In how many lines of these records does the word "lawn" appear? Give the number by itself.

[Available data — start]

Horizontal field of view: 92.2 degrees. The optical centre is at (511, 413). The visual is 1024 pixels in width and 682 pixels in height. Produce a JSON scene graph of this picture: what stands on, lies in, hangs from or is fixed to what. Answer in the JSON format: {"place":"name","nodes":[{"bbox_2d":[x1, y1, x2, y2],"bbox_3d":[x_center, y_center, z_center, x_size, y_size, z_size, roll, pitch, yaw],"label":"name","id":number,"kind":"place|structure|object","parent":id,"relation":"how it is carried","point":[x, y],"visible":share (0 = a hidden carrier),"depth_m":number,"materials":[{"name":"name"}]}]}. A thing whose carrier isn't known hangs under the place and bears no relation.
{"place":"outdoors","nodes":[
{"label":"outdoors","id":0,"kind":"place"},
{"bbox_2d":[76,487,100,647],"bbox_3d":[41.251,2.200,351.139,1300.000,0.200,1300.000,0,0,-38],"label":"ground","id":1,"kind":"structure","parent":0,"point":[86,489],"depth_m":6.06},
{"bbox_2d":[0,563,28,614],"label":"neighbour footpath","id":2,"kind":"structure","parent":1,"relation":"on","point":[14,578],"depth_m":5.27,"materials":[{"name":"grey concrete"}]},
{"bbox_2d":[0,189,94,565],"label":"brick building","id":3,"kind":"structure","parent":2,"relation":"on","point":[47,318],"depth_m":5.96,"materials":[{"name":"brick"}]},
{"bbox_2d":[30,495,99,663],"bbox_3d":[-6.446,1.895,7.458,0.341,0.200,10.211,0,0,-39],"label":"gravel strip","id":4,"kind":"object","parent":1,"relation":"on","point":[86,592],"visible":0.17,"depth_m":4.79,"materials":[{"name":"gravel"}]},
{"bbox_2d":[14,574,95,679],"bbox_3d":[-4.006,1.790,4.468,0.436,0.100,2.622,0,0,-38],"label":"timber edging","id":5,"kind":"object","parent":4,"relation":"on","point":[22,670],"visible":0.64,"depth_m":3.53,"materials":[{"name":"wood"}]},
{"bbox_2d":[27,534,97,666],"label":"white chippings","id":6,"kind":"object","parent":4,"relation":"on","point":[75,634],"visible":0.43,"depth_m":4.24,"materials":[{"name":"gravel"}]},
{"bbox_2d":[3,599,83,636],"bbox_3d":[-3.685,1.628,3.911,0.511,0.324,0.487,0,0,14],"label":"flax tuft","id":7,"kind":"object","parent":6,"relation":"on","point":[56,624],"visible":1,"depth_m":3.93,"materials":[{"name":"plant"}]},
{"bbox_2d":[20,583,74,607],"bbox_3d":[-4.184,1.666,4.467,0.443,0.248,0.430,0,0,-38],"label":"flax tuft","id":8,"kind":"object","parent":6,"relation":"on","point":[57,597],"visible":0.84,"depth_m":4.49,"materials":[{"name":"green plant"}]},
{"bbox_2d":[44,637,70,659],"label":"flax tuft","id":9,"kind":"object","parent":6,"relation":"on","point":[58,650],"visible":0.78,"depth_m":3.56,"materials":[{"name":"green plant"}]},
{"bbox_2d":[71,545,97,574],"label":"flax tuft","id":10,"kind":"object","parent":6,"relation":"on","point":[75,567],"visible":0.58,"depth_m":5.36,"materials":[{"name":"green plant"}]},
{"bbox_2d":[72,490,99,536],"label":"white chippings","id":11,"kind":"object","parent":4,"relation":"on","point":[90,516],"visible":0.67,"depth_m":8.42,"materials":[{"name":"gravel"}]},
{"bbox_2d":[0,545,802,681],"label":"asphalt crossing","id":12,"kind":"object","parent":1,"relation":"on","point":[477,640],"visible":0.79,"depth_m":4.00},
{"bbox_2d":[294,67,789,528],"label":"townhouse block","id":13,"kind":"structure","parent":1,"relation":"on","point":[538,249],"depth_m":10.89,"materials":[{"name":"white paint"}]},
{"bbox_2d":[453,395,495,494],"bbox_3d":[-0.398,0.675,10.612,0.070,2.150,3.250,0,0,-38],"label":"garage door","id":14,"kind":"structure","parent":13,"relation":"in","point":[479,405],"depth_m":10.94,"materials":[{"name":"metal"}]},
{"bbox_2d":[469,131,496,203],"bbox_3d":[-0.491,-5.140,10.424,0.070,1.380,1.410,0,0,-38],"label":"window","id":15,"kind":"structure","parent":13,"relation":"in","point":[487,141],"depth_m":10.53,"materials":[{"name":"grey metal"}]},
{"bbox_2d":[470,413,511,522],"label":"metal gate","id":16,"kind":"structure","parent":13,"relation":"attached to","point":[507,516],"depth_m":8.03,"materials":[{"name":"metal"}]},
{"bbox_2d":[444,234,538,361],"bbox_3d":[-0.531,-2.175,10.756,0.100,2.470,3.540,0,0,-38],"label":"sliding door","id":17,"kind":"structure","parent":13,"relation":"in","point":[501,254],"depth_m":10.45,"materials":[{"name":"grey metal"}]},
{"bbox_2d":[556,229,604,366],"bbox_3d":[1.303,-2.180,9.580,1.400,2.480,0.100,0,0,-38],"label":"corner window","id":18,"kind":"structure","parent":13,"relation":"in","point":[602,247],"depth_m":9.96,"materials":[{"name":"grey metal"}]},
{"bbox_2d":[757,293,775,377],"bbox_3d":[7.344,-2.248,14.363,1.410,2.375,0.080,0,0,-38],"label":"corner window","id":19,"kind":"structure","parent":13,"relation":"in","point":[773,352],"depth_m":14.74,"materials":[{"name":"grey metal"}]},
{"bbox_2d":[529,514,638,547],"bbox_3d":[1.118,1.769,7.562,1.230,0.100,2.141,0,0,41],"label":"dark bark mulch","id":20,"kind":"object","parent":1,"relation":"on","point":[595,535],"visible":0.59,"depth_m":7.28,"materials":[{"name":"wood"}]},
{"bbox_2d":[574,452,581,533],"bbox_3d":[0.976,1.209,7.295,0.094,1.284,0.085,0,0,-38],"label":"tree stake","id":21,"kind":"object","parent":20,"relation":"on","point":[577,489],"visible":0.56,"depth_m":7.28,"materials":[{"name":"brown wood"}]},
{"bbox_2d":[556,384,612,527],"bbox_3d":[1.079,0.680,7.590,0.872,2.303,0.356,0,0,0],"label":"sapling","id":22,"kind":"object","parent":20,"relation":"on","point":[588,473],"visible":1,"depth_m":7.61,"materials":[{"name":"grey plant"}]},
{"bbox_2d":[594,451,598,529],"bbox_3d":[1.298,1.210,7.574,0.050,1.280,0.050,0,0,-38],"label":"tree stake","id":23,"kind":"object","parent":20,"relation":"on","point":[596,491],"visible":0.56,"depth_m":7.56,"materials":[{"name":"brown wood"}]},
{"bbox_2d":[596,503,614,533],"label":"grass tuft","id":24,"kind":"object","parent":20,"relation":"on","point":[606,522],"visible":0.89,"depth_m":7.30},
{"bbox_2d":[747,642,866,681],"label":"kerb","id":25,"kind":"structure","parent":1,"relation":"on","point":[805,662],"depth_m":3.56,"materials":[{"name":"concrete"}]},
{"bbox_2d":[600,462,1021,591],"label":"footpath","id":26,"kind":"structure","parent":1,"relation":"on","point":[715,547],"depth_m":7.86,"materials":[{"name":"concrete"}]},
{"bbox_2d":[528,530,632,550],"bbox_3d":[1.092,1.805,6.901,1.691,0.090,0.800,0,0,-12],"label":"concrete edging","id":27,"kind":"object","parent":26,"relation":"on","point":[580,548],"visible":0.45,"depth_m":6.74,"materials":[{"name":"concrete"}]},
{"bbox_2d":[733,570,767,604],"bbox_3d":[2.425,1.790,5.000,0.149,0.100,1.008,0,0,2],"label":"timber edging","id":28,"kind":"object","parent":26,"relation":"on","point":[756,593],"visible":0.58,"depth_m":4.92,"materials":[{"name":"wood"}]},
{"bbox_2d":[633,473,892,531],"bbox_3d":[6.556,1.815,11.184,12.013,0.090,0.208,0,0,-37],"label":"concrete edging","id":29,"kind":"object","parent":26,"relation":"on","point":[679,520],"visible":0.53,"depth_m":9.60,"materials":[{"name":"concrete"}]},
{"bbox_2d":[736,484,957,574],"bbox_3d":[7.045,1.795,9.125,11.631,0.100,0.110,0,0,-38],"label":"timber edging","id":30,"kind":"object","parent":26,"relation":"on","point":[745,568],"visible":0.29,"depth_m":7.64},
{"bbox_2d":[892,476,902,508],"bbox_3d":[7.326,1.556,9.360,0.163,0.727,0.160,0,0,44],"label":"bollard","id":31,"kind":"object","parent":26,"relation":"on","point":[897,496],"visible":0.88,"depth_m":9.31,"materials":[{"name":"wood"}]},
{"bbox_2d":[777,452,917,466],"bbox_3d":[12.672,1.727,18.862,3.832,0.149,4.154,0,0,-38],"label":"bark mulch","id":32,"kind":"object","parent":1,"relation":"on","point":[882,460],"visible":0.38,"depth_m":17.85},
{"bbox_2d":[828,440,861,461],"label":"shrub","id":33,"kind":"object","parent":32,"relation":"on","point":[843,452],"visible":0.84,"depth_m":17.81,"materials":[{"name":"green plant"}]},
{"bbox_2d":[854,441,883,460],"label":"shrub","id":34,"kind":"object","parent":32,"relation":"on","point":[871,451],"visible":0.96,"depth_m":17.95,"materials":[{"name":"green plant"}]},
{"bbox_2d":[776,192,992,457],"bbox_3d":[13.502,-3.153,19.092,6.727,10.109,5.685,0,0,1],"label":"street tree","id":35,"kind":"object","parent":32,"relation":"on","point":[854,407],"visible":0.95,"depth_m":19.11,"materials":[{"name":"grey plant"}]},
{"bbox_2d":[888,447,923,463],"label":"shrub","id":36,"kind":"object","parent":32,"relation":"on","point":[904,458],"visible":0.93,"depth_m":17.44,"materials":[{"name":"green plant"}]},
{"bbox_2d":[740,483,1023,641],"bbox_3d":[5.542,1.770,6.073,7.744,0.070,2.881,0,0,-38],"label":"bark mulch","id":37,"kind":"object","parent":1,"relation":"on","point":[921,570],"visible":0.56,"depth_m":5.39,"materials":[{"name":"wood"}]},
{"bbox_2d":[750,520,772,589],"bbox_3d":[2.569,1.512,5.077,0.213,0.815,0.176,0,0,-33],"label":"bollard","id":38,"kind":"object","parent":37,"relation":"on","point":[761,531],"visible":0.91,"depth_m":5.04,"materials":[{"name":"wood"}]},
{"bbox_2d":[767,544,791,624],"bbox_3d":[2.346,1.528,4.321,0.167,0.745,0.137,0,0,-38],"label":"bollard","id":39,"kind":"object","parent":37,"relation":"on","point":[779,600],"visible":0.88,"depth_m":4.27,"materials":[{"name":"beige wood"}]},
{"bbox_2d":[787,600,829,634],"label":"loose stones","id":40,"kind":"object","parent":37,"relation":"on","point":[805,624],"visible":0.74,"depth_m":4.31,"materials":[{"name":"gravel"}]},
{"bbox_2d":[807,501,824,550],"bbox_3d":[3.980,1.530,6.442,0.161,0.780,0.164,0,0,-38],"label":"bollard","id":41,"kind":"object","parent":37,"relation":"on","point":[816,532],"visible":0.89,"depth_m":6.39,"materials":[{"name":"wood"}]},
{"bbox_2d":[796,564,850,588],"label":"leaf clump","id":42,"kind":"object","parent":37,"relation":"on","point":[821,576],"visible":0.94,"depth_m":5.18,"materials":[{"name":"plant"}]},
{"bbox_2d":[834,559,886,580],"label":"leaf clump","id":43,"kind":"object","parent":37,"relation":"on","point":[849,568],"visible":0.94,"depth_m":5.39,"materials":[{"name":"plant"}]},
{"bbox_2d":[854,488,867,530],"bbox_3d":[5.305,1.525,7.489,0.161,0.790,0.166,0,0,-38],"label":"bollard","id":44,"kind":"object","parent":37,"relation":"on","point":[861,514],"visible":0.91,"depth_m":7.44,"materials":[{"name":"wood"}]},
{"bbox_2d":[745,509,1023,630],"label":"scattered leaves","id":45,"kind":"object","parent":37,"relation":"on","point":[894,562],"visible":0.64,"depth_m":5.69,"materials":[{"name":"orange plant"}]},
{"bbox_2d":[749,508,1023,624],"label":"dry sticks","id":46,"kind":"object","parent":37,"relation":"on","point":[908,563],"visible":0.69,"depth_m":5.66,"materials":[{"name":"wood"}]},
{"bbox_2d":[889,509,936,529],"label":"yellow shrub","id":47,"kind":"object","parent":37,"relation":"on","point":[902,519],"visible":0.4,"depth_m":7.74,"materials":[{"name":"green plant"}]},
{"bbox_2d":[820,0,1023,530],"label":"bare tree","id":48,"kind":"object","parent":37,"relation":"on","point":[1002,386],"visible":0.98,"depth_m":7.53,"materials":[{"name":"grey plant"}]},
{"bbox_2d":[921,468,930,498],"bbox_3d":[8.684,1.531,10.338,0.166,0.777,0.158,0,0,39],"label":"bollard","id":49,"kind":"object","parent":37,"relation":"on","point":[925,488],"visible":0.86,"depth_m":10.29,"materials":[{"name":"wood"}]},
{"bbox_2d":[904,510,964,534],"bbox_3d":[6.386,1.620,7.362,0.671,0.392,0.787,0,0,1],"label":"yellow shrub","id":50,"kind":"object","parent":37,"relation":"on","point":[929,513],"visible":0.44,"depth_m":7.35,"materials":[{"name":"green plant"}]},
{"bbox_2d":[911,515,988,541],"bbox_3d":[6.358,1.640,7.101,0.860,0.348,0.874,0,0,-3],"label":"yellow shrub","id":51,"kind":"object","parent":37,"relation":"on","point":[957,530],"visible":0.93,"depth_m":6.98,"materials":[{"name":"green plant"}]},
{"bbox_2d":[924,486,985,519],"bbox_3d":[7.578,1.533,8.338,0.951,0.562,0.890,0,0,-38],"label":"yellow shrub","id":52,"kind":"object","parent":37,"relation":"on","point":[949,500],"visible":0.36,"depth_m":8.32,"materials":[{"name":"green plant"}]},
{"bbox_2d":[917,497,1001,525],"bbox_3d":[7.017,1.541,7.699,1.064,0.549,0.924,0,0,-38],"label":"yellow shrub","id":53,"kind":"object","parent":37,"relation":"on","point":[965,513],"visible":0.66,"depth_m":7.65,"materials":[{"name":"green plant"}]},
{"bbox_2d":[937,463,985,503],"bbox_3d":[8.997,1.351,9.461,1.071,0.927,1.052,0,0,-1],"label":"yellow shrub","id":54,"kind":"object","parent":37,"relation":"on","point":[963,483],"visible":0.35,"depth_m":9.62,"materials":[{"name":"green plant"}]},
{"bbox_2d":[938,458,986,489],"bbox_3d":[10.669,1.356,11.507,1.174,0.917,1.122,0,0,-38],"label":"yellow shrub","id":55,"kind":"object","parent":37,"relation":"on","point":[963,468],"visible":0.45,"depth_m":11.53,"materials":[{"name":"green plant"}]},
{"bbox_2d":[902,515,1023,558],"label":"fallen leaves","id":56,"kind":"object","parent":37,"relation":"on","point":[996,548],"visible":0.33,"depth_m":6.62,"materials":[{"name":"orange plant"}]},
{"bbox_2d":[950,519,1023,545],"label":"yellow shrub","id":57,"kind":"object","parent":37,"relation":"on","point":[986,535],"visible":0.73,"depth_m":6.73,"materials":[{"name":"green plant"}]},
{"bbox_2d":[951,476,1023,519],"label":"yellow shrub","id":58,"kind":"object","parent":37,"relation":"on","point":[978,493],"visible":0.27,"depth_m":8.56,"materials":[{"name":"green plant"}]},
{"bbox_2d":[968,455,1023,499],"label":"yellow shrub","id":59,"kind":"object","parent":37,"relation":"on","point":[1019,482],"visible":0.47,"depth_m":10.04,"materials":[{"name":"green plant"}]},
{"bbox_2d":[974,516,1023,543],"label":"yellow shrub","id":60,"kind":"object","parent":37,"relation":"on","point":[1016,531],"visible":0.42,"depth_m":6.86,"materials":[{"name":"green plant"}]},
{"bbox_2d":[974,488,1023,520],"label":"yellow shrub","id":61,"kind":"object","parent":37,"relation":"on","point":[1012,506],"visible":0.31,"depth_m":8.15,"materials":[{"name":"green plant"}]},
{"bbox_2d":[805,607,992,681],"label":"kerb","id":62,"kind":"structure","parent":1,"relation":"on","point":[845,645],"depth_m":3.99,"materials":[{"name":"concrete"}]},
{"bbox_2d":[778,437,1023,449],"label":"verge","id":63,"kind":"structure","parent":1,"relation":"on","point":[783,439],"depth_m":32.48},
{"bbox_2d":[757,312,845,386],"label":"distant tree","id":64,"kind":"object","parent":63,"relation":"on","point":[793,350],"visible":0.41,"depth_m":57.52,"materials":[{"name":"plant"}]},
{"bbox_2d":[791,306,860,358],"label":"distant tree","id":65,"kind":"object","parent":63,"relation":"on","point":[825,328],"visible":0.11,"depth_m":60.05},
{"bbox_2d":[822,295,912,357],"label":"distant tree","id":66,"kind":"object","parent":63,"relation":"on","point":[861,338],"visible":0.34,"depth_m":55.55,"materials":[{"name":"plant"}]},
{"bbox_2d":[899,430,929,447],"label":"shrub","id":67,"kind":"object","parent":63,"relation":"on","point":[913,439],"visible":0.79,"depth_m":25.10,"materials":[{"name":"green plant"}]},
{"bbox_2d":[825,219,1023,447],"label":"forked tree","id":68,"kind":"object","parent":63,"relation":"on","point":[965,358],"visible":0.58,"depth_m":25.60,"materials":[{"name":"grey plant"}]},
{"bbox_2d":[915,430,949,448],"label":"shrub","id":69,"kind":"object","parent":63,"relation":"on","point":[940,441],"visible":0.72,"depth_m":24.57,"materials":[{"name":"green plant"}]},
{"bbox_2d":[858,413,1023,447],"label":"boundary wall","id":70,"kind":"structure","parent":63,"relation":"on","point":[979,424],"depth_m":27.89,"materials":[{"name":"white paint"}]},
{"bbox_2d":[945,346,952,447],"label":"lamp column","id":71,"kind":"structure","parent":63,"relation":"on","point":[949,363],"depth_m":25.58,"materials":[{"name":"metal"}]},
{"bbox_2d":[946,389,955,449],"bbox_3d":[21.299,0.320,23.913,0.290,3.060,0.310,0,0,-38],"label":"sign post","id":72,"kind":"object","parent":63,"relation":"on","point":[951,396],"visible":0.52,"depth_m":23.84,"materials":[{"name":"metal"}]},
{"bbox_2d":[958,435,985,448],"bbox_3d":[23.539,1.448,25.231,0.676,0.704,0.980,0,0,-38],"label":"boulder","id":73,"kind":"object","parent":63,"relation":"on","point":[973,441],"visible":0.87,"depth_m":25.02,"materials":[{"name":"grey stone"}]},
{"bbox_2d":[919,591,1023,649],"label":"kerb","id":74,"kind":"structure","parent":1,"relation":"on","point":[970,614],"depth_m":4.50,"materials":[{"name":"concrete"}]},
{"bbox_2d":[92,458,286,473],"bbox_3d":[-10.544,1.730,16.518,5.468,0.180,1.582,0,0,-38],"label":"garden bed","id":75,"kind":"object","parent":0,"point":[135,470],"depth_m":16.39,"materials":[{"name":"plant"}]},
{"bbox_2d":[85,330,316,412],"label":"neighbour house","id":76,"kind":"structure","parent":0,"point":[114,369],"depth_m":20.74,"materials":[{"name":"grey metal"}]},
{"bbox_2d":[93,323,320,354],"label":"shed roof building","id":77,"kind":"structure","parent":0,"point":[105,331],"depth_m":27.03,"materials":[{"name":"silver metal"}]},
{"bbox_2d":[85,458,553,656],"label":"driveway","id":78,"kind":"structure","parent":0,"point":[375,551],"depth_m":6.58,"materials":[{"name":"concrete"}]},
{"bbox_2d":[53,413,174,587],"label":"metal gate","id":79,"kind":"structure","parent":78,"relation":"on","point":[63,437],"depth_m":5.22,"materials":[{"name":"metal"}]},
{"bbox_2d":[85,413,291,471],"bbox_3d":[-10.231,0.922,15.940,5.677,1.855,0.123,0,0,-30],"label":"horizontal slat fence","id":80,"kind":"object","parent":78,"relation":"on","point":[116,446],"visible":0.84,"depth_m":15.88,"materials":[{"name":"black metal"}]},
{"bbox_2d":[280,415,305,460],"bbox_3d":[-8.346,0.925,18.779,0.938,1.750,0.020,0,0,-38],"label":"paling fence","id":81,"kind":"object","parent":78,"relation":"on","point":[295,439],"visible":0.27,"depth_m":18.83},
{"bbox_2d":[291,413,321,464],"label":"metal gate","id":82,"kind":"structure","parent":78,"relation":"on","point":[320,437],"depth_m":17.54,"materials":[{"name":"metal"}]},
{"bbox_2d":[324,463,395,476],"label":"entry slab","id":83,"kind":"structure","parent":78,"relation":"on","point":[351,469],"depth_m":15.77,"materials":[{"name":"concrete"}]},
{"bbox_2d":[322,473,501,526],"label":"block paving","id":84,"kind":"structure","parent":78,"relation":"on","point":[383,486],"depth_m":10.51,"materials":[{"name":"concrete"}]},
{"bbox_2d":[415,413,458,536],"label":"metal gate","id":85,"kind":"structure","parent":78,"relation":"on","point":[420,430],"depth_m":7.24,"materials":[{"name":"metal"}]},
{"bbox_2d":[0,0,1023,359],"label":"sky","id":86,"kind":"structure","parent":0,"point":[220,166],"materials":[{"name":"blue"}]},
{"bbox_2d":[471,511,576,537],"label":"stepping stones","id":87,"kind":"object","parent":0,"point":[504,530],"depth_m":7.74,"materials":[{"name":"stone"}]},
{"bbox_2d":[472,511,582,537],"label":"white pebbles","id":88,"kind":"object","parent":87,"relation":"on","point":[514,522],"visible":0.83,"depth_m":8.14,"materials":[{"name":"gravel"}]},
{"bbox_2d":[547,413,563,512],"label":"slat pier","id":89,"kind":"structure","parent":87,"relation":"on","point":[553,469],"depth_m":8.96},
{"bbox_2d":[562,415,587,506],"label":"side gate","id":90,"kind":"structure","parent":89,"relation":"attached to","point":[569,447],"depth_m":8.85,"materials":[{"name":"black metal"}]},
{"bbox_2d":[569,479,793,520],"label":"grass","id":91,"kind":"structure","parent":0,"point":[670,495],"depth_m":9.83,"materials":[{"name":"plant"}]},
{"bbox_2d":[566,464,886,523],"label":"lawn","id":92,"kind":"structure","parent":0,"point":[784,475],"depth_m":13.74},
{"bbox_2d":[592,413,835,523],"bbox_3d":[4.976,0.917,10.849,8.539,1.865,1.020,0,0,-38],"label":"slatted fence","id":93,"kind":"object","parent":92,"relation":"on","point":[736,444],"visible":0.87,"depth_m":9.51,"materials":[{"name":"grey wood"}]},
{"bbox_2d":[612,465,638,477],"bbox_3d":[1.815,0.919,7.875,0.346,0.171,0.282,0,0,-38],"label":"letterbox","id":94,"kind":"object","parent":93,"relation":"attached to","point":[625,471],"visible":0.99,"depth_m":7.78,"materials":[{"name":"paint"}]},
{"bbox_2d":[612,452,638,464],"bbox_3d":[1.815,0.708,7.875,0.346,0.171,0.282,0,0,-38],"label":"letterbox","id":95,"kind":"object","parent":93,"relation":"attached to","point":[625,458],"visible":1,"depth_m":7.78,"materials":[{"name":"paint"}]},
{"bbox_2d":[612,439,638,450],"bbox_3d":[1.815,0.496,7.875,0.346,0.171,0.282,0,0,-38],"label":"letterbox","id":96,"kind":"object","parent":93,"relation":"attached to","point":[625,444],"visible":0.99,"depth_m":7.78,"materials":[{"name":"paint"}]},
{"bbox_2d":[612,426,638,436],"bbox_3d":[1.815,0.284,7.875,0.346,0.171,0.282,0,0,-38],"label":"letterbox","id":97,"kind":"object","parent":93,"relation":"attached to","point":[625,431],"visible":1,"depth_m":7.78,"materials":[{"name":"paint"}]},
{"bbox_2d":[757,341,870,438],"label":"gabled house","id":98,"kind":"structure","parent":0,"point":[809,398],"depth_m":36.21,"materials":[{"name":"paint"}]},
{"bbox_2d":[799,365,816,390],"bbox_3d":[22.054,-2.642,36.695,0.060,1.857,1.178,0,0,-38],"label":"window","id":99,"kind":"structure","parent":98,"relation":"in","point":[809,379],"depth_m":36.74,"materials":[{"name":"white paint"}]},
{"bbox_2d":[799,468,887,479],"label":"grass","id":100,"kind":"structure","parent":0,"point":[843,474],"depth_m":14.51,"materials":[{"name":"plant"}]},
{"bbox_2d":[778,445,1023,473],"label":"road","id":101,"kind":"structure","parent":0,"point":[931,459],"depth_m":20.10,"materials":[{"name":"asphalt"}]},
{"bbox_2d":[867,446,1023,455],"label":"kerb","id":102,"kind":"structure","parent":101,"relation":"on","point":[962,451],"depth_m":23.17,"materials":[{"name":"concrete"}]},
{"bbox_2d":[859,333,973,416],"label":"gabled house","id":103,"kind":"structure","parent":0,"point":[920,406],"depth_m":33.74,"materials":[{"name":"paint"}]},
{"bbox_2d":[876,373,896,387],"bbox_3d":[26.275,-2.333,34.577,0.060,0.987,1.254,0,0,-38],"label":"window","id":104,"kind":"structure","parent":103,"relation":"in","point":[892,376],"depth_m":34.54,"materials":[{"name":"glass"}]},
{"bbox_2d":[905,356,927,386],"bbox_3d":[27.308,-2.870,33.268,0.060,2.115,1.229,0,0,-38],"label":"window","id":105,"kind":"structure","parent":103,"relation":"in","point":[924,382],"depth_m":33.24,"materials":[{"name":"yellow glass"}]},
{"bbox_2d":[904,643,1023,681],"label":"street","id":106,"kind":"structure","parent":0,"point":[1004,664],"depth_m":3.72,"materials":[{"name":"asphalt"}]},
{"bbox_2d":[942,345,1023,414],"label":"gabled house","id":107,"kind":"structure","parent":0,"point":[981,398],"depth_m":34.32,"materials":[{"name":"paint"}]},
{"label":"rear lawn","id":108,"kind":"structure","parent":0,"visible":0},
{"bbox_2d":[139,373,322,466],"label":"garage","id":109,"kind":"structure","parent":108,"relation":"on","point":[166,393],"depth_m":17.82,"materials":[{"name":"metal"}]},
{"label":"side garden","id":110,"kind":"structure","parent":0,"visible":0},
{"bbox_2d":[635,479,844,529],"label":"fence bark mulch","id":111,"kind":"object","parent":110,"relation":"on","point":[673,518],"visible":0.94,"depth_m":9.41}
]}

[Available data — finish]

» Your response
2